**Exercise objective**
Return nothing but the lines from the line with "The time after image 1: 3.8 s." through the last line of the entries that follow, copied exactly and free of pictures.

════════════════

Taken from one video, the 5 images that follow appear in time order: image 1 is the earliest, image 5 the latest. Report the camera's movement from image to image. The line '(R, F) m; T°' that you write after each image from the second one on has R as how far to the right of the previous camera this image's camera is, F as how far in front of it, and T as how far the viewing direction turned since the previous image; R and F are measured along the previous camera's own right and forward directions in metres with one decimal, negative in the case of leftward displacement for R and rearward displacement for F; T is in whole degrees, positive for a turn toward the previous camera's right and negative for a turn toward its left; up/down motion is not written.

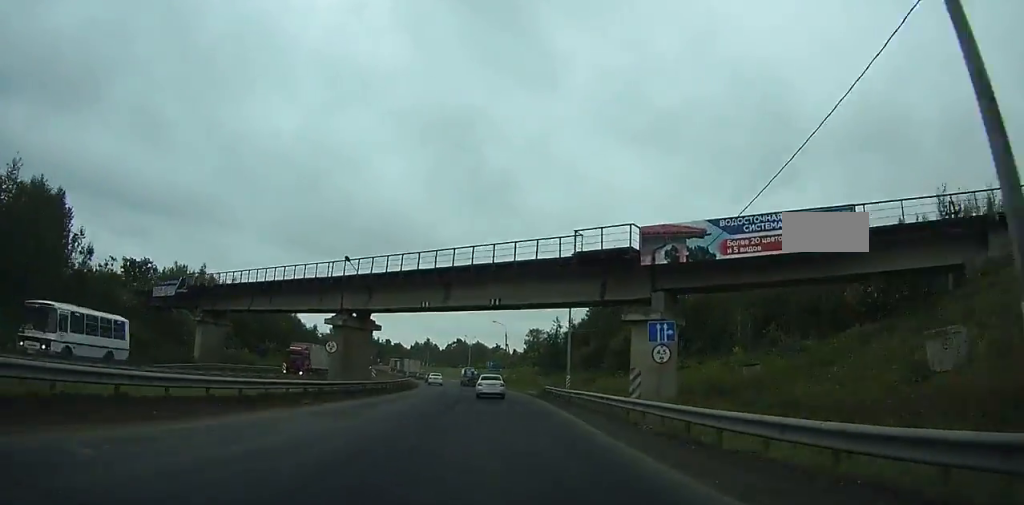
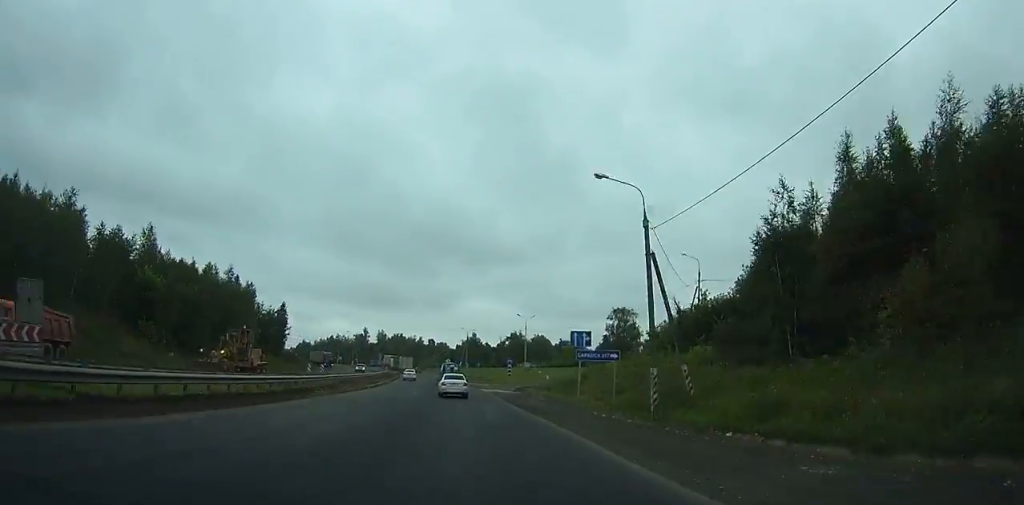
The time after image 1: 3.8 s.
(-3.5, +67.9) m; -6°
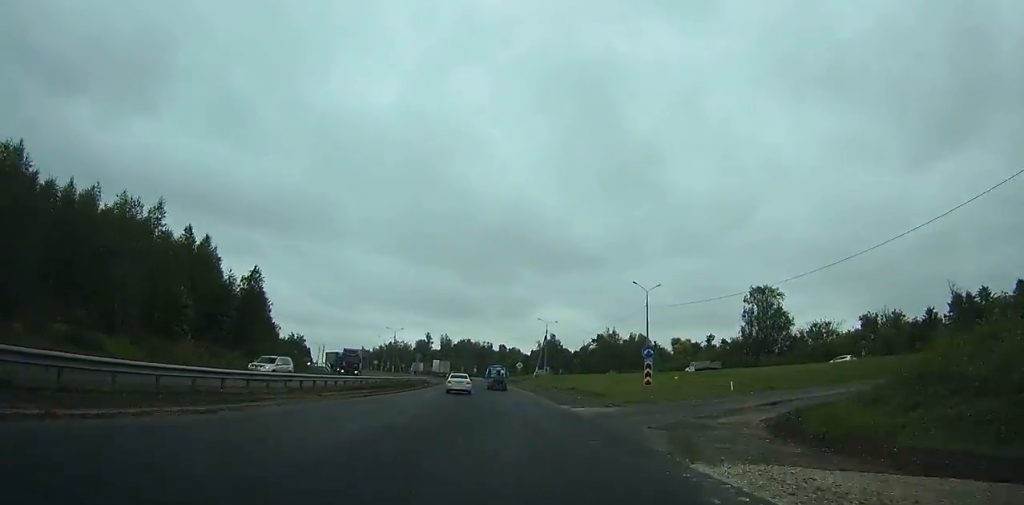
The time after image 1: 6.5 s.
(-2.1, +47.4) m; -5°
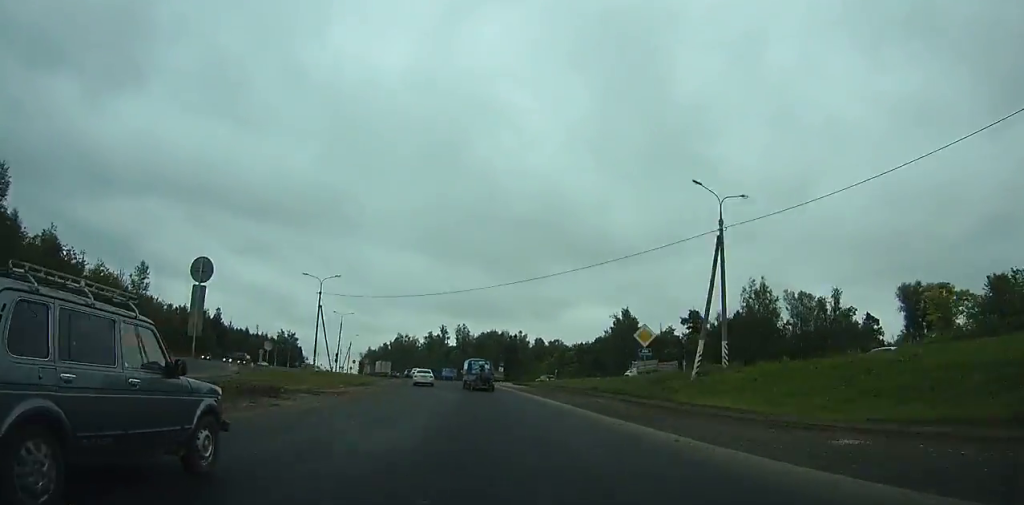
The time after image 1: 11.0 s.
(-3.7, +77.7) m; -6°
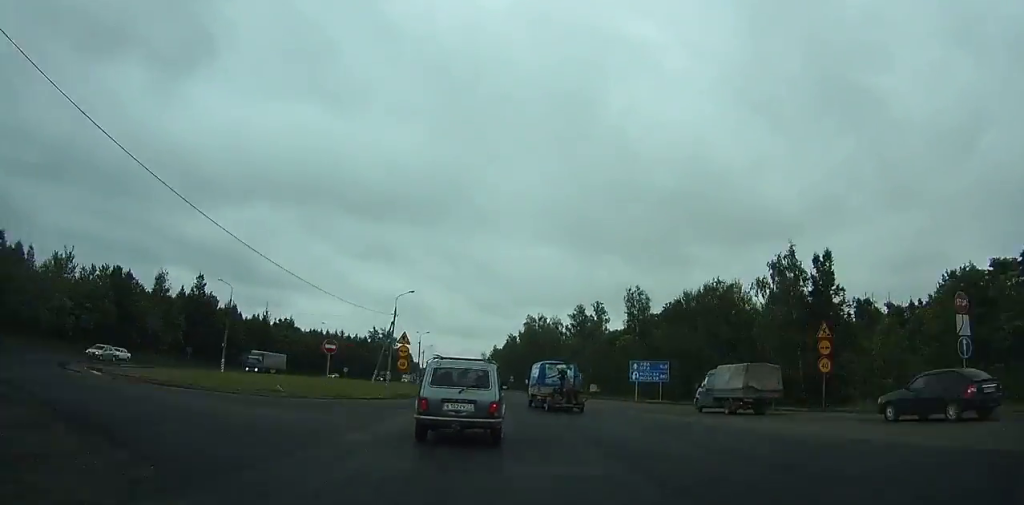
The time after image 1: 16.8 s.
(-11.1, +98.0) m; -12°

════════════════

**Response area**
The time after image 1: 3.8 s.
(-3.5, +67.9) m; -6°
The time after image 1: 6.5 s.
(-2.1, +47.4) m; -5°
The time after image 1: 11.0 s.
(-3.7, +77.7) m; -6°
The time after image 1: 16.8 s.
(-11.1, +98.0) m; -12°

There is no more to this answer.